From U.S. Naval Forces Korea Public Affairs
USS Wayne E. Meyer (DDG 108) sits along the pier in Busan near USS Carl Vinson (CVN 70), March 16. (U.S. Navy/MC2 Z.A. Landers) >>
BUSAN, Republic of Korea - U.S. Navy ships assigned to Commander, Task Force (CTF) 30 and CTF 70 are scheduled to begin a series of exercises with the Republic of Korea (ROK) Navy, March 21 to strengthen maritime interoperability and tactics, techniques and procedures.
The U.S. routinely conducts CSG operations in the waters around the Republic of Korea to exercise maritime maneuvers, strengthen the U.S.-ROK alliance, and improve regional security.
"This exercise is yet another example of the strength and resolve of the combined U.S. and the ROK naval force," said Rear Adm. James Kilby, commander, Carl Vinson Carrier Strike Group. "The U.S. and the Republic of Korea share one of the strongest alliances in the world and we grow stronger as an alliance because of our routine exercises here in South Korea and the close relationship and ties that we forge from operating at sea together."
The exercises will consist of a routine bilateral training, subject matter expert exchanges, anti-submarine and anti-surface warfare drills, communication drills, air defense exercises, counter-mine planning and distinguished visitor embarkations.
"This defensive exercise focuses on enhancing the interoperability between the ROK and US navies and helps both navies maintain a combined defense posture to protect the ROK from future North Korean unprovoked acts of aggression,” said Rear Adm, Choi, Sung-Mok, the chief of staff for the Republic of Korea Fleet.
Additional surface, subsurface, and air assets joining the bilateral exercise include Carrier Air Wing 2, Arleigh Burke-class guided-missile destroyers USS Barry (DDG 52), USS Wayne E Meyer (DDG 108), USS McCampbell (DDG 85), USS Stethem (DDG 63), Los Angeles-class nuclear fast attack submarine USS Columbus (SSN 762), and P-3/P-8 Maritime Patrol and Reconnaissance Aircraft from Commander, Task Force 72.
Vinson deployed to the region under U.S. 3rd Fleet command and control, including beyond the international dateline, which previously divided operational areas of responsibility for 3rd and 7th Fleets. Third Fleet operating forward offers additional options to the Pacific Fleet commander by leveraging the capabilities of 3rd and 7th Fleets.
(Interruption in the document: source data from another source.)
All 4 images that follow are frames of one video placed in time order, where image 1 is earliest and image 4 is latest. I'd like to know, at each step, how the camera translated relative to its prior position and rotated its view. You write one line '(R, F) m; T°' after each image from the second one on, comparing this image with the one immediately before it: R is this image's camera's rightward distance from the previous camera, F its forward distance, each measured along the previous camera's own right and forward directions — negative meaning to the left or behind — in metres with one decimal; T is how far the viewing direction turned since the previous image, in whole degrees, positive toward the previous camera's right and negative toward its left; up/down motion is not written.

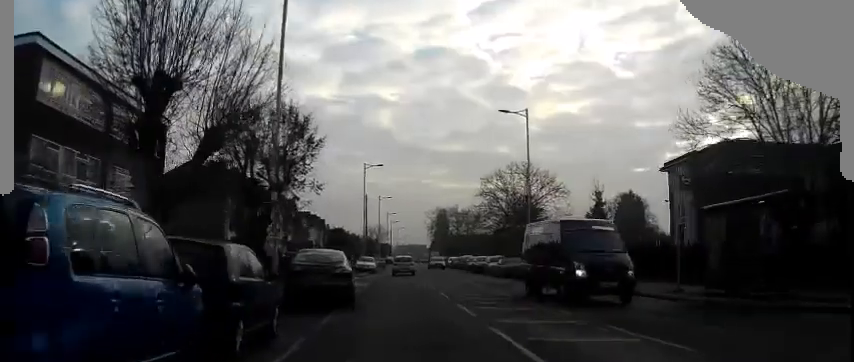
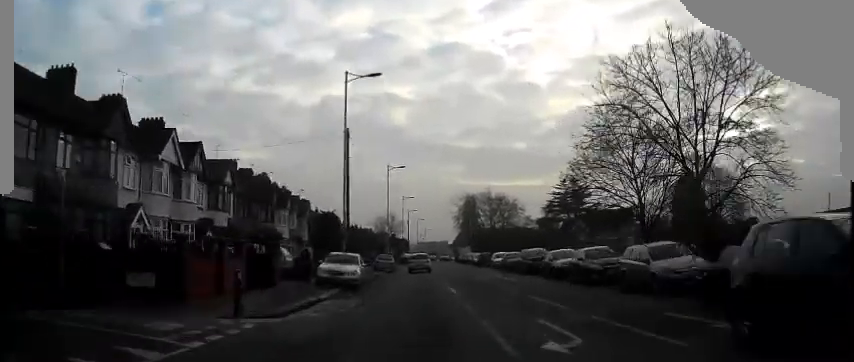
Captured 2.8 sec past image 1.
(-0.1, +31.7) m; -1°
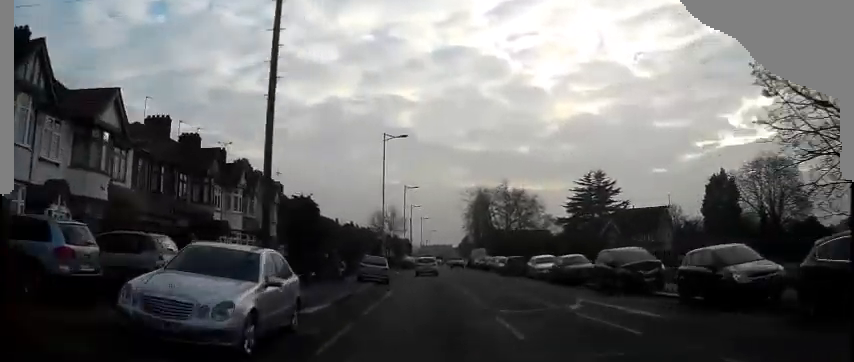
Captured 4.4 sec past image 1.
(0.0, +17.6) m; +1°
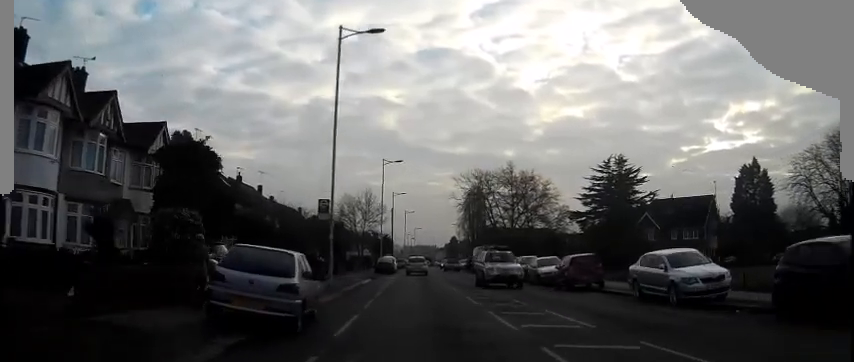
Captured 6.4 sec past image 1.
(+0.4, +22.1) m; +1°
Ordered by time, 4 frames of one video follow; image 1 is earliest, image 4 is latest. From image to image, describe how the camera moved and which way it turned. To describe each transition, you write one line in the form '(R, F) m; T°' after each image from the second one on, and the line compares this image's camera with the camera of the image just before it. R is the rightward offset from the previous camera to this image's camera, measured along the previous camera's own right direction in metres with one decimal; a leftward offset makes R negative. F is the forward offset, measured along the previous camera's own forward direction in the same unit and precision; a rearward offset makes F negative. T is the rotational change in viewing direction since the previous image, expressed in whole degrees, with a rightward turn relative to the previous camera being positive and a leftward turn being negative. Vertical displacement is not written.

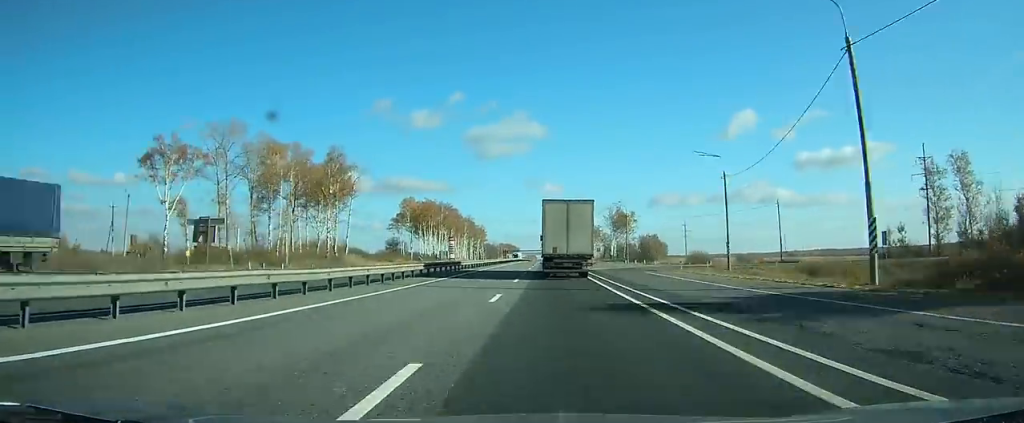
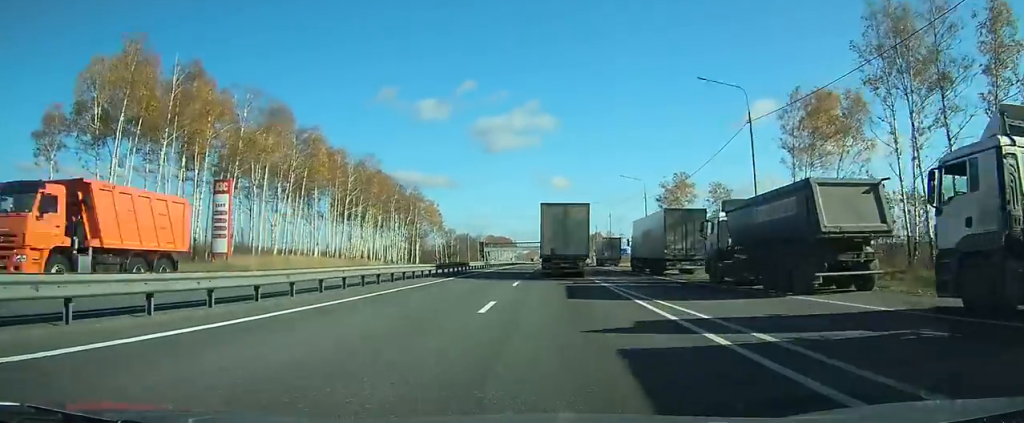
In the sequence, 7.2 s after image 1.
(+0.6, +143.7) m; 0°
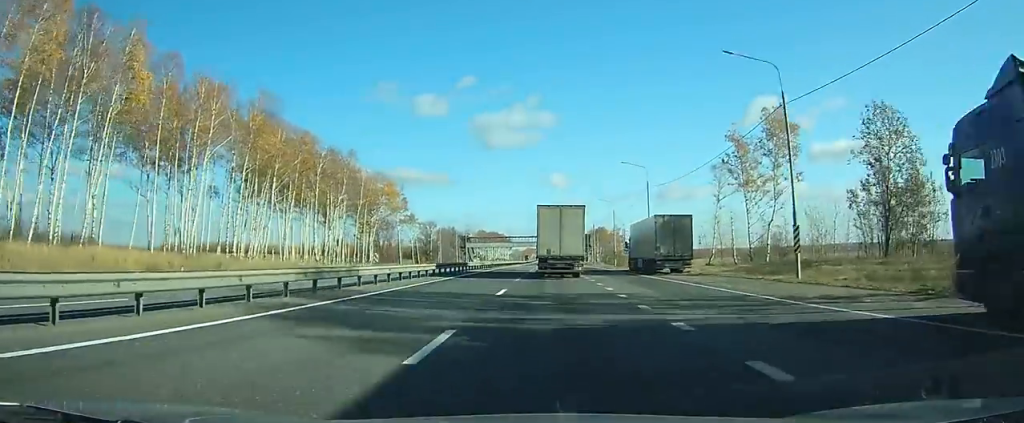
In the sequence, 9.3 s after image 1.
(-0.1, +38.6) m; 0°
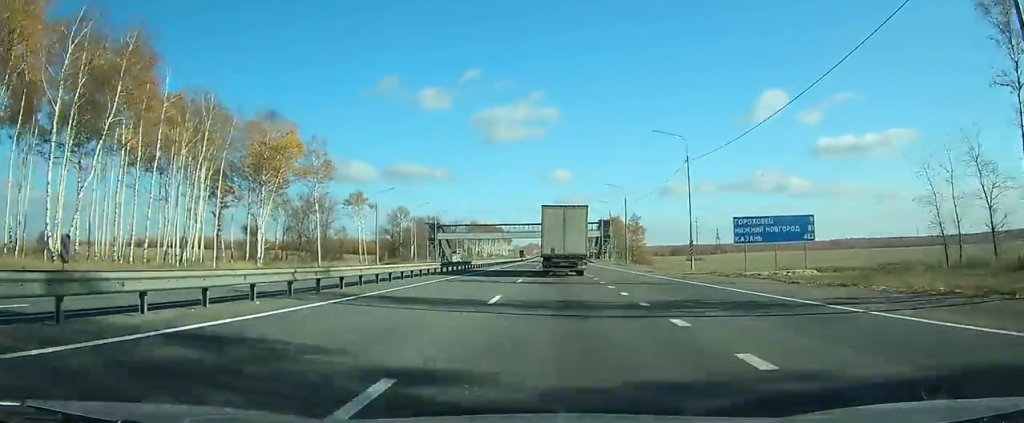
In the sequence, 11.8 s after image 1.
(-0.1, +53.3) m; 0°

This operational concept allows both numbered fleets to complement one another and provide the foundation of stability in the Indo-Asia-Pacific region.
The U.S. Navy maintains a presence in the Indo-Asia-Pacific to help preserve peace and security and further our partnerships with friends and allies. Our forward presence contributes to freedom of navigation and lawful use of the sea, as well as furthers operational training and enables an exchange of culture, skills, and tactical knowledge.